CZECH TECHNICAL UNIVERSITY IN PRAGUE
STUDY PLANS
2018/2019

# Statistics for Informatics

The course is not on the list Without time-table
Code Completion Credits Range Language
MIE-SPI.1 Z,ZK 8 4+2
Lecturer:
Tutor:
Supervisor:
Department of Applied Mathematics
Synopsis:

The students will learn the basics of the probability theory, elements of information theory and stochastic processes, and some methods of computational statistics. They will understand the methods for statistical processing of large volumes of data. They will get skills in using computational methods and statistical software for these tasks.

Requirements:

Knowledge in differential and integral calculus, elementary knowledge in probability and statistics.

Syllabus of lectures:

1. Basics of Probability Theory: Probabilty Space, Definitions, Properties, Sigma-continuity, etc.

2. Basics of Probability Theory: Conditional Probability, Independence, Commented Examples

3. Basics of Probability Theory: Random Variables, Cumulative Distribution Function, Probability Density Function, Dependence, Random Vectors, Marginal and Joint Distribution

4. Basics of Probability Theory: Conditional Distribution, Conditional Expectation, Characteristics of Random Variables, Selected Examples of Probability Distributions

5. Basics of Probability Theory: Poisson Process, Simulation Methods, Generating Functions

6. Basics of Probability Theory: Strong Law of Large Numbers (SLLN), Central Limit Theorem (CLT), Large Deviations, Entropy

7. Discrete-time Markov Chains with Finite State Space: Basic Concepts, Irreducibility and Periodicity of States, Absorption Probability, Stopping Times

8. Discrete-time Markov Chains: Examples: generalized random walk, random walk on graph, gambler's ruin, coupon collector

9. Discrete-time Markov Chains: Asymptotic Stationarity, Uniqueness and Existence of Stationary Distributions, Convergence

10. Discrete-time Markov Chains: Branching Processes, Birth &amp; Death processes

11. Monte Carlo Methods: Markov Chain Monte Carlo (MCMC) - Basic Concepts and Examples

12. Monte Carlo Methods: Fast convergence of MCMC, Propp-Wilson Algorithm, Sandwiching, Simulated Annealing

13. Monte Carlo Methods: Monte Carlo Estimates, Monte Carlo Tests, Reduction of Variance

14. Stochastic Processes: Definition, Distribution Function, Characteristics of Stochastic Processes

15. Stochastic Processes: Characteristics and Classification of Stochastic Processes, Examples

16. Basics of Queueing Theory: Elements of Queueing Systems, Request Arrival Process, Queueing Policy, Service Policy, Kendall Notation

17. Stochastic Processes: Application of the Poisson Process to Model Arrivals in Queueing Systems

18. Stochastic Processes: Application of the Poisson Process in Queueing Theory

19. Stochastic Processes: Non-homogeneous Poisson Process, Spatial Poisson Process, M/G/infinity Queue

20. Continuous-time Markov Chains: Jump Rates, Timing Jumps by Poisson Process Arrivals, Kolmogorov Equations

21. Basics of Queueing Theory: M/M/m Queues, Queueing Systems

22. Basics of Queueing Theory: Open and Closed Queueing Systems

23. Bootstrap Methods: Properties of Bootstrap Approximations, Bootstrap Correction of Estimation Bias

24. Bootstrap Methods: Bootstrap Confidence Intervals, Permutation Bootstrap

25. Bootstrap Methods: Bootstrap Confidence Intervals for Parameters in Linear Regression

26. Estimation of Probability Density Functions: Histogram, Kernel Estimates, Maximum Likelihood Estimation, Estimation by the Method of Moments

Syllabus of tutorials:

1. Conditional probability, Bayes' theorem, decision trees.

2. Random variable, random vector, independent random variables.

3. Entropy and information of discrete random variable.
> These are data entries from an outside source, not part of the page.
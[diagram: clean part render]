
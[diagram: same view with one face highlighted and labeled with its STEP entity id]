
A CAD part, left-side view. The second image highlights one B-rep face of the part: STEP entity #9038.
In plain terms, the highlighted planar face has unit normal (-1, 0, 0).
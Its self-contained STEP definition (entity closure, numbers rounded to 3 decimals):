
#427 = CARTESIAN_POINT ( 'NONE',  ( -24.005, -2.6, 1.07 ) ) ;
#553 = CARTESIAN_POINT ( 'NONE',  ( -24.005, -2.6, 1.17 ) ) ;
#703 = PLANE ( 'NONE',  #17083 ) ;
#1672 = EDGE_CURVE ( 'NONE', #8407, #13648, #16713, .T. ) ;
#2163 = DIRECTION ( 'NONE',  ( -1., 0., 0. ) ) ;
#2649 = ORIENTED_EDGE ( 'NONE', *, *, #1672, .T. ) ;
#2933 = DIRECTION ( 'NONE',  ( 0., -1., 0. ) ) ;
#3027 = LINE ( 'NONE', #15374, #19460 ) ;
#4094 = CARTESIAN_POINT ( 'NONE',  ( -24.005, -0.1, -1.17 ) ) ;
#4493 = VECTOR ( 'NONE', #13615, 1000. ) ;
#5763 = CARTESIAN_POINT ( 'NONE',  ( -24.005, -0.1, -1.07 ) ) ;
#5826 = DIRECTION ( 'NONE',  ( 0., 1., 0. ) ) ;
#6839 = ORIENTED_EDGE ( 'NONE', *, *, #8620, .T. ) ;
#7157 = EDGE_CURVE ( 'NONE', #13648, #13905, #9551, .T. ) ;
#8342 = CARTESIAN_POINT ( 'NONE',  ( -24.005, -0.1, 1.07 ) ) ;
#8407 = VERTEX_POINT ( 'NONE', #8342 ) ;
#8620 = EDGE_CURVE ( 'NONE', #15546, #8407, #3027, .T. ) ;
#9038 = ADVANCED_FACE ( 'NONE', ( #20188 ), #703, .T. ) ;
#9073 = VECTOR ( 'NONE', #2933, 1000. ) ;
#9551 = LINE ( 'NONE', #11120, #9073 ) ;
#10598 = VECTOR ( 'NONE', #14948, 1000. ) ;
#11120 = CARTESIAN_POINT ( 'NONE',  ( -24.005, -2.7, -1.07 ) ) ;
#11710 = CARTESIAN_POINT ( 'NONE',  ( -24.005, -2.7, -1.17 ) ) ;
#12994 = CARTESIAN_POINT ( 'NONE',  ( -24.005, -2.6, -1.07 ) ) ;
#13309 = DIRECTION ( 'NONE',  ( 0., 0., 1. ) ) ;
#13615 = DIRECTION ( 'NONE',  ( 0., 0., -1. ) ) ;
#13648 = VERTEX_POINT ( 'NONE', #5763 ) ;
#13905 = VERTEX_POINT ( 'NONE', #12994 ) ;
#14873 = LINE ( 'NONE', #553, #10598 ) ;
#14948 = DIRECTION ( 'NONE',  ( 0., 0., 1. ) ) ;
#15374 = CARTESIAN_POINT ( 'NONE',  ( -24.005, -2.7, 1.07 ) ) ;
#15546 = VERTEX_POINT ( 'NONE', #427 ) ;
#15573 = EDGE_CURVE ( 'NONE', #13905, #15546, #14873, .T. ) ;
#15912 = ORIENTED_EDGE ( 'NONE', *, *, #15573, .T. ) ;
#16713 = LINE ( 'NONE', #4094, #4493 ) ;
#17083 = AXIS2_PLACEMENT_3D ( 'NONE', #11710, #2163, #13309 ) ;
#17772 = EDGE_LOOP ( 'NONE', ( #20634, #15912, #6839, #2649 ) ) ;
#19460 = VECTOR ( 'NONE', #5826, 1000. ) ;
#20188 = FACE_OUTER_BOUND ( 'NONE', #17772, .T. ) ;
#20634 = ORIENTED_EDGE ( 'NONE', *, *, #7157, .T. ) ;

Chain rule.

4. Entropy and information of continuous random variable.

5. Stochastic processes, autocorrelation function, cross-correlation function, spectral density.

6. Bernoulli and Poissonův process.

7. Markov processes with discrete and continuous time.

8. Applications of Monte Carlo method.

9. Generation of random numbers.

10. Bootstrap in statistical inference.

11. Estimation of probability density functions using parametric methods.

12. Nonparametric estimation of probability density functions.

13. Kernel estimators of probability density functions.

Study Objective:

The aim of the module is to provide an introduction to probability, information theory and stochastic processes. Furthermore, the module brings knowledge needed for data analysis and processing. It provides students with knowledge of computational methods and gets them acquainted with the use of statistical software.

Study materials:

1. Cover, T. M., Thomas, J. A. ''Elements of Information Theory (2nd Edition)''. Wiley-Interscience, 2006. ISBN 0471241954.

2. Gentle, J. E. ''Elements of Computational Statistics''. Springer, 2005. ISBN 0387954899.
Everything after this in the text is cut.